■ TASK DESCRIPTION
Give every entry again, unchanged, and leave its images out.

(Stored records)

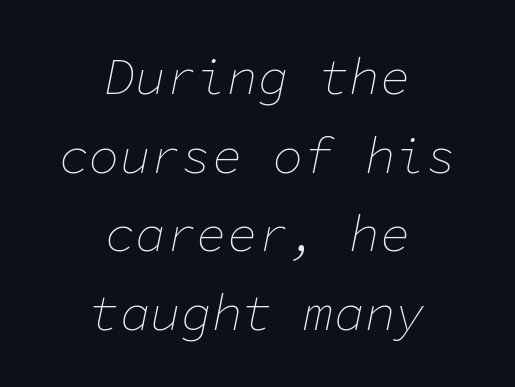
{"italic": "yes", "lean": "right", "slant_degrees": 11, "bold": "no", "weight": "thin", "width": "normal", "stroke_contrast": "low", "x_height": "medium", "monospaced": "yes", "underline": "no", "align": "center", "line_spacing": "normal", "line_spacing_ratio": 1.54, "letter_spacing": "normal", "letter_spacing_em": 0.0, "glyph_px": 51}
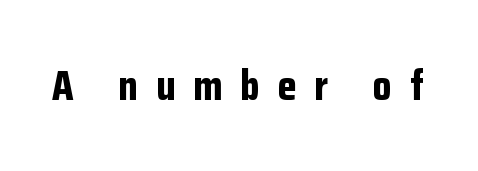
Q: Is the text bold? A: Yes.
Q: Is the text italic (slanted)? A: No, it is upright.
Q: Is the typeface a serif or a sans-serif typeface? A: Sans-serif.
Q: Is the text underlined? A: No.
Q: Is the spacing between letters normal or unusually wide? A: Unusually wide.
Q: Width (condensed, normal, or wide)? A: Condensed.
Q: Stroke contrast? A: Low.
Q: x-height? A: Medium.
Q: Monospaced? A: No.
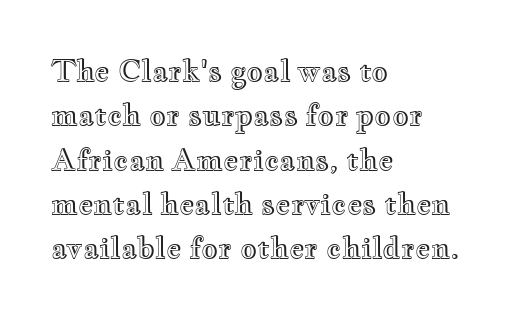
{"italic": "no", "width": "wide", "x_height": "small", "monospaced": "no", "underline": "no", "align": "left", "line_spacing": "normal", "line_spacing_ratio": 1.53, "letter_spacing": "normal", "letter_spacing_em": 0.0, "glyph_px": 29}

■ TASK OUTPUT
{"italic": "yes", "lean": "right", "slant_degrees": 11, "bold": "no", "weight": "thin", "width": "normal", "stroke_contrast": "low", "x_height": "medium", "monospaced": "yes", "underline": "no", "align": "center", "line_spacing": "normal", "line_spacing_ratio": 1.54, "letter_spacing": "normal", "letter_spacing_em": 0.0, "glyph_px": 51}
Q: Is the text bold? A: Yes.
Q: Is the text italic (slanted)? A: No, it is upright.
Q: Is the typeface a serif or a sans-serif typeface? A: Sans-serif.
Q: Is the text underlined? A: No.
Q: Is the spacing between letters normal or unusually wide? A: Unusually wide.
Q: Width (condensed, normal, or wide)? A: Condensed.
Q: Stroke contrast? A: Low.
Q: x-height? A: Medium.
Q: Monospaced? A: No.
{"italic": "no", "width": "wide", "x_height": "small", "monospaced": "no", "underline": "no", "align": "left", "line_spacing": "normal", "line_spacing_ratio": 1.53, "letter_spacing": "normal", "letter_spacing_em": 0.0, "glyph_px": 29}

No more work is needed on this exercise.